| Action item |
Every line of the listing that contains the word "right" is to be copied out.

| Extracted data |
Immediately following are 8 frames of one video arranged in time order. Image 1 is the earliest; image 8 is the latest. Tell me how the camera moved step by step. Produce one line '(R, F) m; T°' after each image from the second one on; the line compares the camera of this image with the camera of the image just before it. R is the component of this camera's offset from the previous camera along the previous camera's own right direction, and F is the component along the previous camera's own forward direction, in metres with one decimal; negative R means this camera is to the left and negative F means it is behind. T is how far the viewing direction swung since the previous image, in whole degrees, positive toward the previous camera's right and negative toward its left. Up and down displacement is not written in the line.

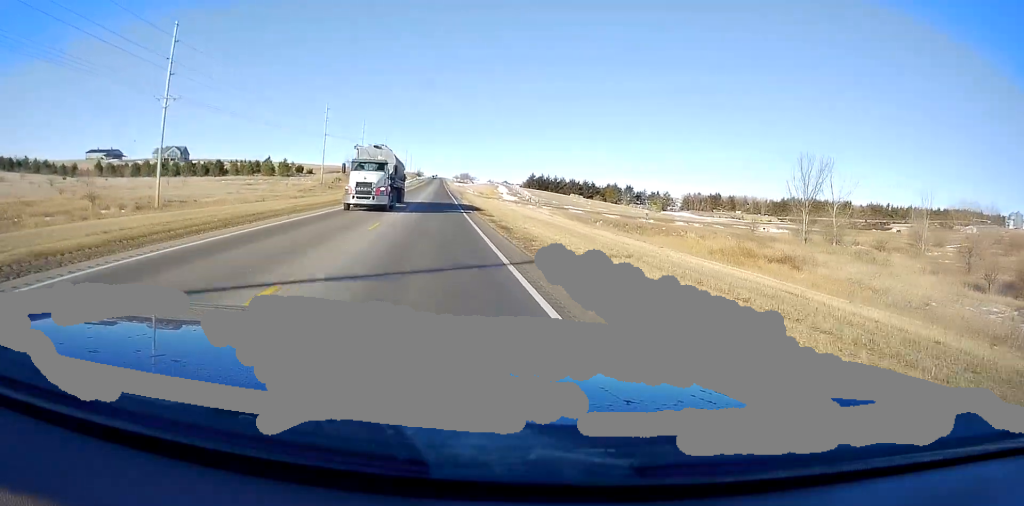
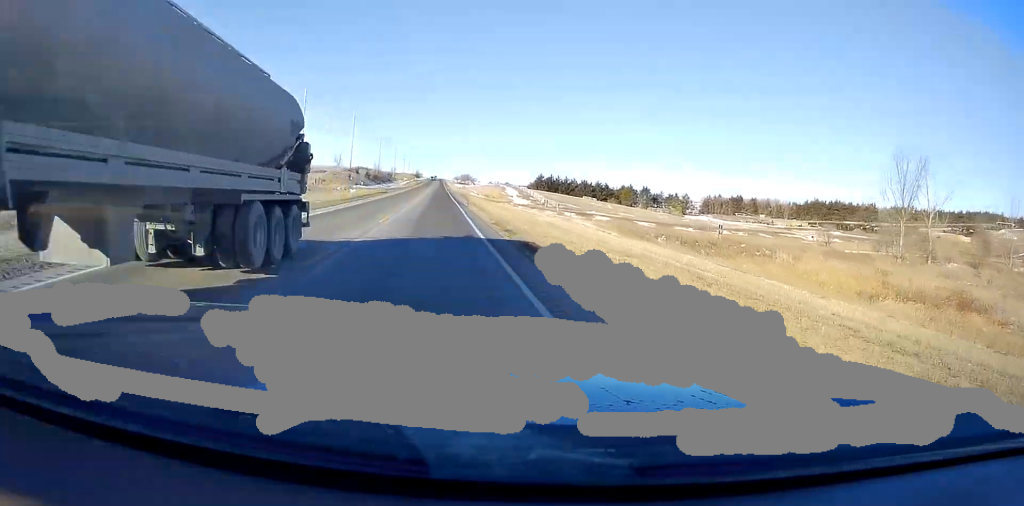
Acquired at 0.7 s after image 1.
(+0.1, +20.5) m; 0°
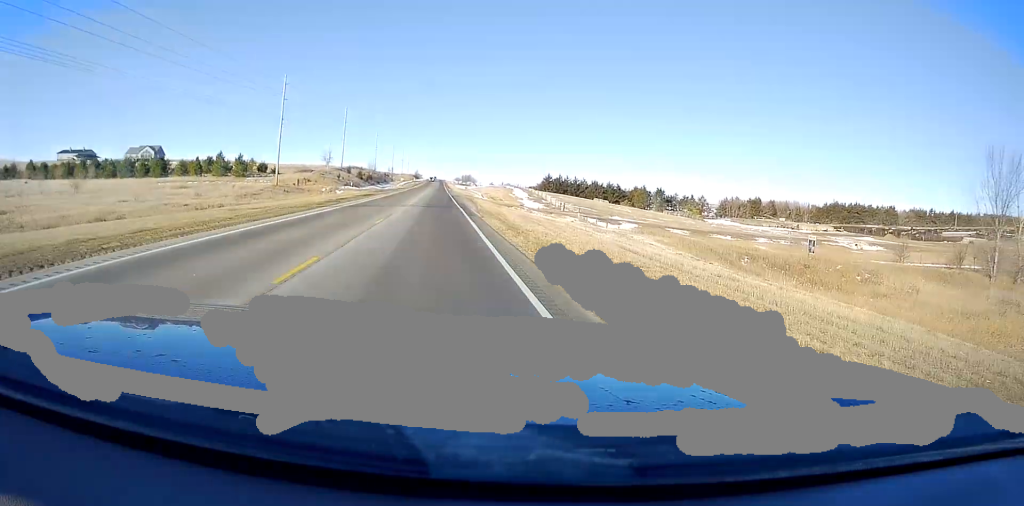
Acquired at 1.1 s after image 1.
(-0.2, +14.9) m; 0°
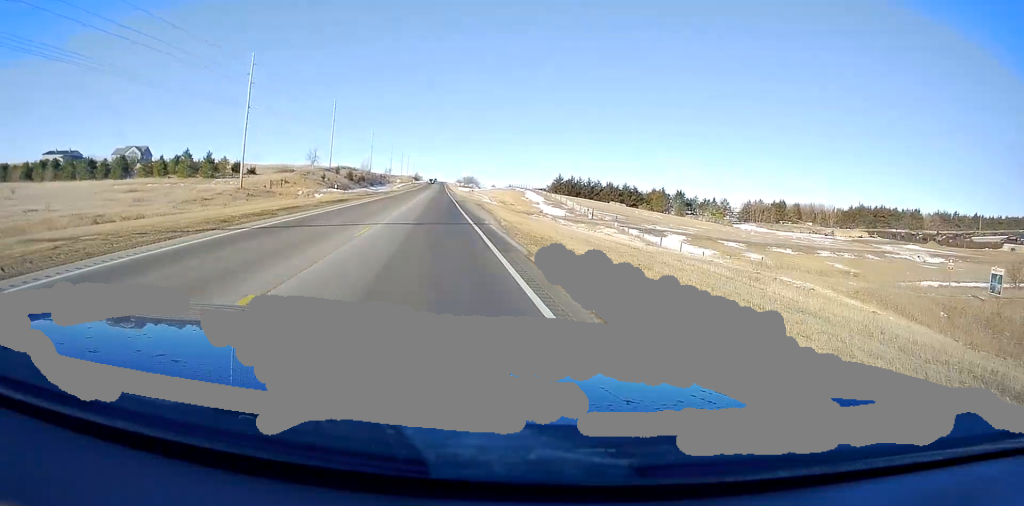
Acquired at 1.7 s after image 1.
(-0.1, +17.5) m; -1°
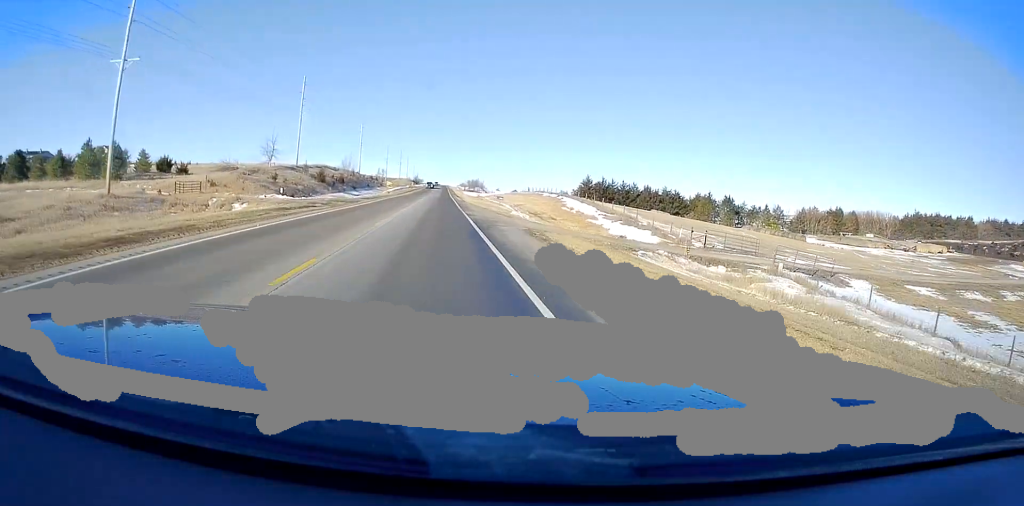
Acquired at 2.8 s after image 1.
(-0.3, +33.3) m; -1°
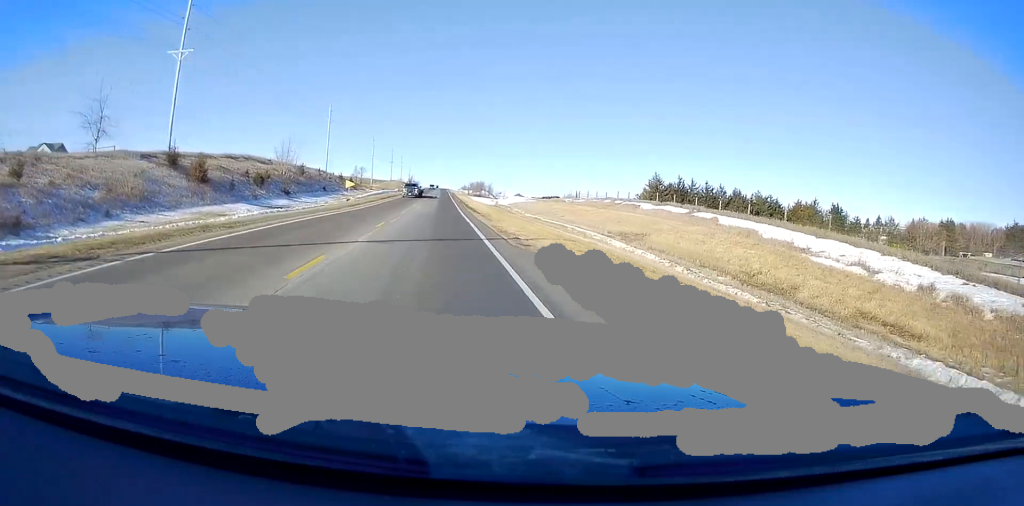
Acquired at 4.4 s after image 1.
(+0.4, +50.0) m; +2°
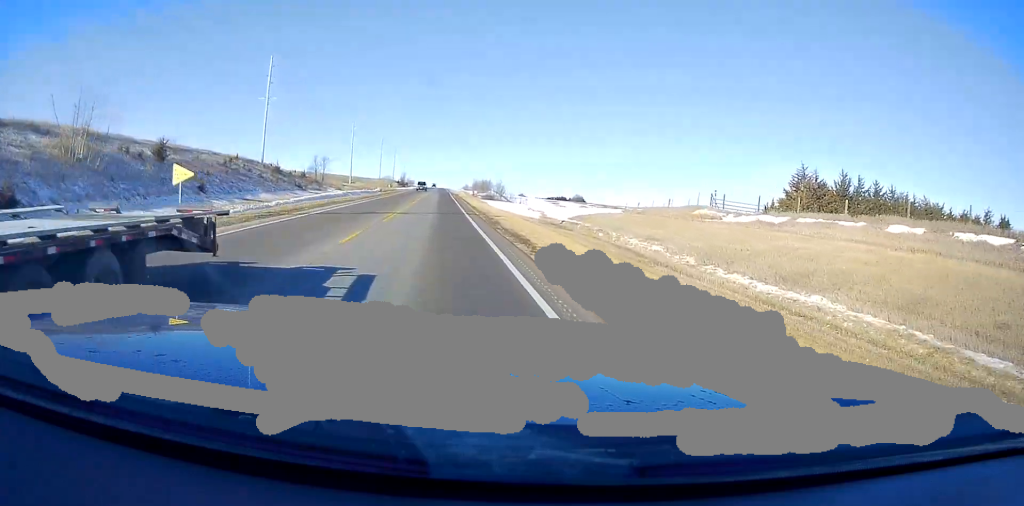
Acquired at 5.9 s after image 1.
(+0.2, +45.9) m; -1°
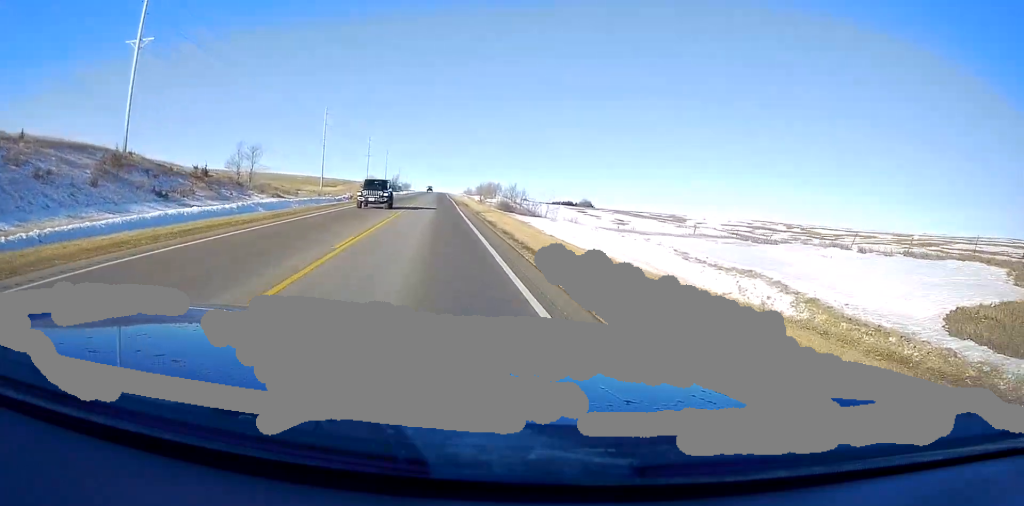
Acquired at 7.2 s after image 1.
(-0.3, +38.7) m; 0°
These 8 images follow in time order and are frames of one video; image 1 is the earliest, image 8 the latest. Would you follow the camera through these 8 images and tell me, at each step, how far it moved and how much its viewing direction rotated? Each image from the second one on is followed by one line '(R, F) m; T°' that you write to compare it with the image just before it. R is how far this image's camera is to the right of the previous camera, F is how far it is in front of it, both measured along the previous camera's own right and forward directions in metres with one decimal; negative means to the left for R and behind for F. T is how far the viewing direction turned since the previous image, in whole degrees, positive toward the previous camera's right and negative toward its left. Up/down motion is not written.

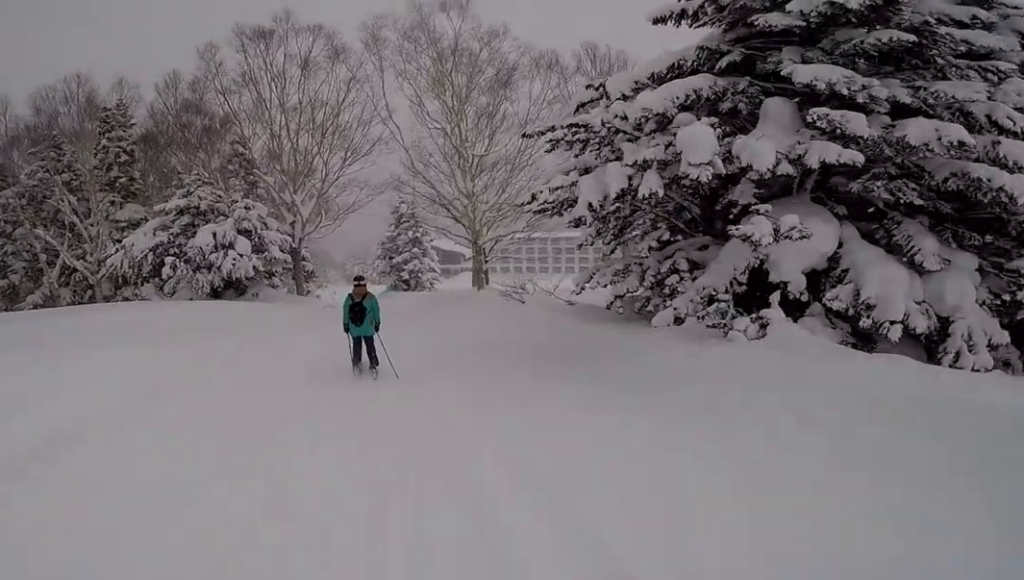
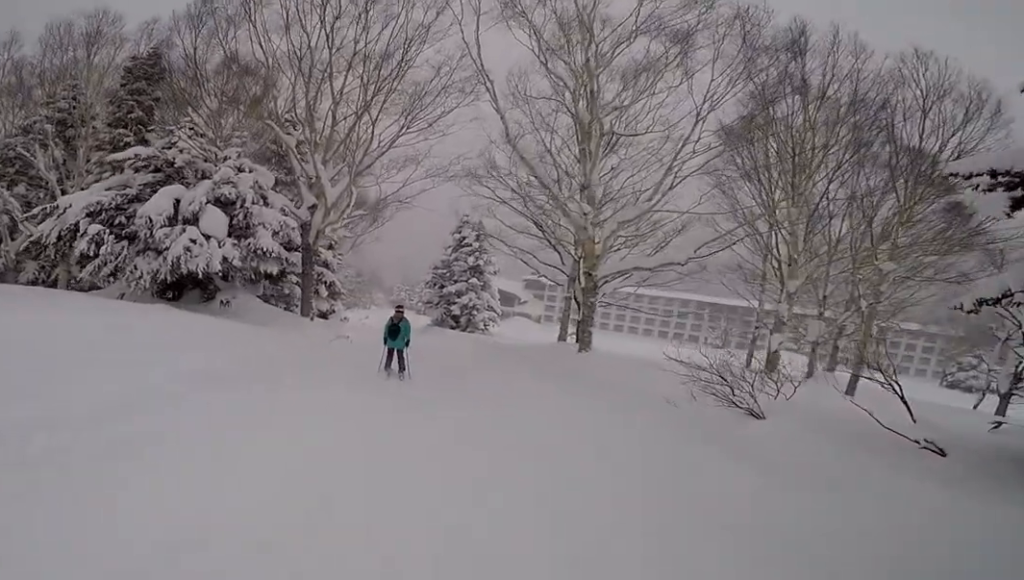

| Task output |
Immediately following are 8 frames of one video arranged in time order. Image 1 is the earliest; image 8 is the latest. Tell me how the camera moved step by step. Produce one line '(R, F) m; T°' after each image from the second one on; the line compares the camera of this image with the camera of the image just before it. R is the component of this camera's offset from the previous camera along the previous camera's own right direction, and F is the component along the previous camera's own forward direction, in metres with one decimal; negative R means this camera is to the left and negative F means it is behind. T is how far the viewing direction swung since the previous image, in whole degrees, positive toward the previous camera's right and negative toward its left. Up and down displacement is not written in the line.
These 8 images follow in time order and are frames of one video; image 1 is the earliest, image 8 the latest. Would you follow the camera through these 8 images and tell me, at each step, how far it moved and how much its viewing direction rotated? Each image from the second one on is followed by one line '(R, F) m; T°' that you write to compare it with the image just before it. R is how far this image's camera is to the right of the previous camera, F is how far it is in front of it, both measured along the previous camera's own right and forward directions in metres with one decimal; negative means to the left for R and behind for F. T is how far the viewing direction turned since the previous image, in whole degrees, positive toward the previous camera's right and negative toward its left. Up/down motion is not written.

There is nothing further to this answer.